Problem statement: Please copy each line from the entries that contains the string "round".

Task data:
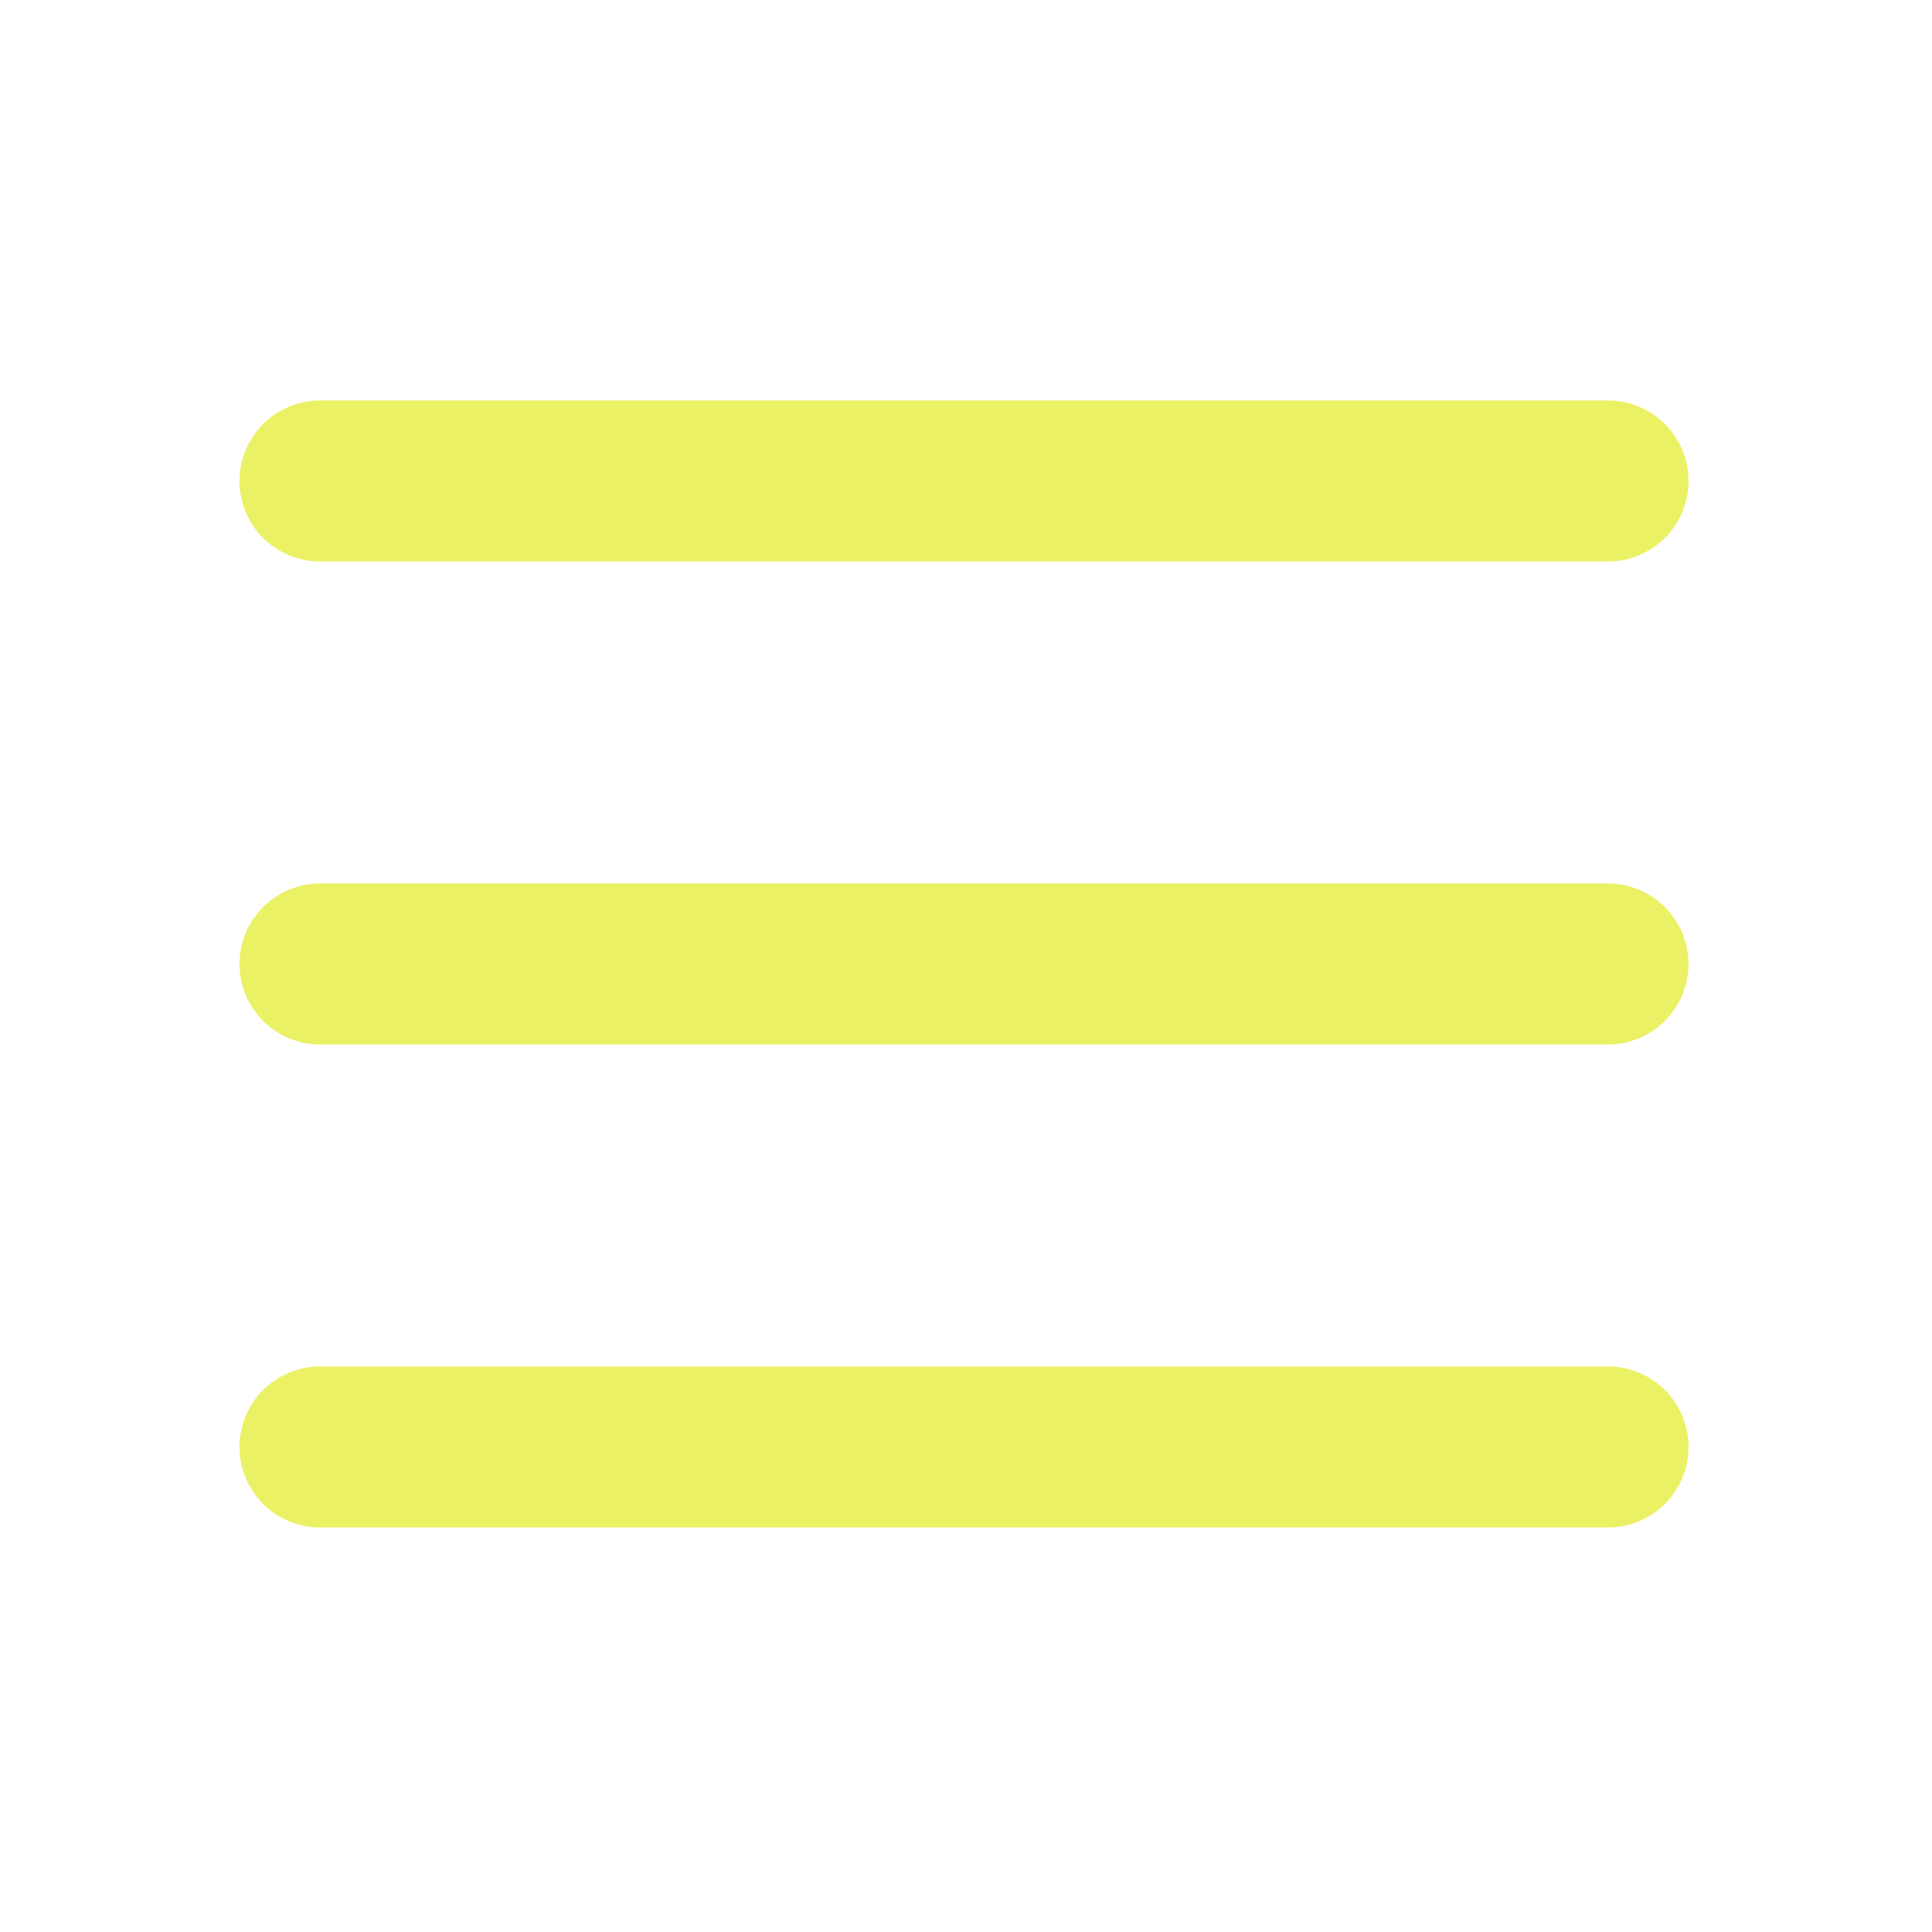 <svg width="24" height="24" viewBox="0 0 24 24" fill="none" xmlns="http://www.w3.org/2000/svg">
<path d="M3.975 5.975H19.975" stroke="#EBF165" stroke-width="2" stroke-linecap="round" stroke-linejoin="round"/>
<path d="M3.975 11.975H19.975" stroke="#EBF165" stroke-width="2" stroke-linecap="round" stroke-linejoin="round"/>
<path d="M3.975 17.975H19.975" stroke="#EBF165" stroke-width="2" stroke-linecap="round" stroke-linejoin="round"/>
</svg>

Result:
<path d="M3.975 5.975H19.975" stroke="#EBF165" stroke-width="2" stroke-linecap="round" stroke-linejoin="round"/>
<path d="M3.975 11.975H19.975" stroke="#EBF165" stroke-width="2" stroke-linecap="round" stroke-linejoin="round"/>
<path d="M3.975 17.975H19.975" stroke="#EBF165" stroke-width="2" stroke-linecap="round" stroke-linejoin="round"/>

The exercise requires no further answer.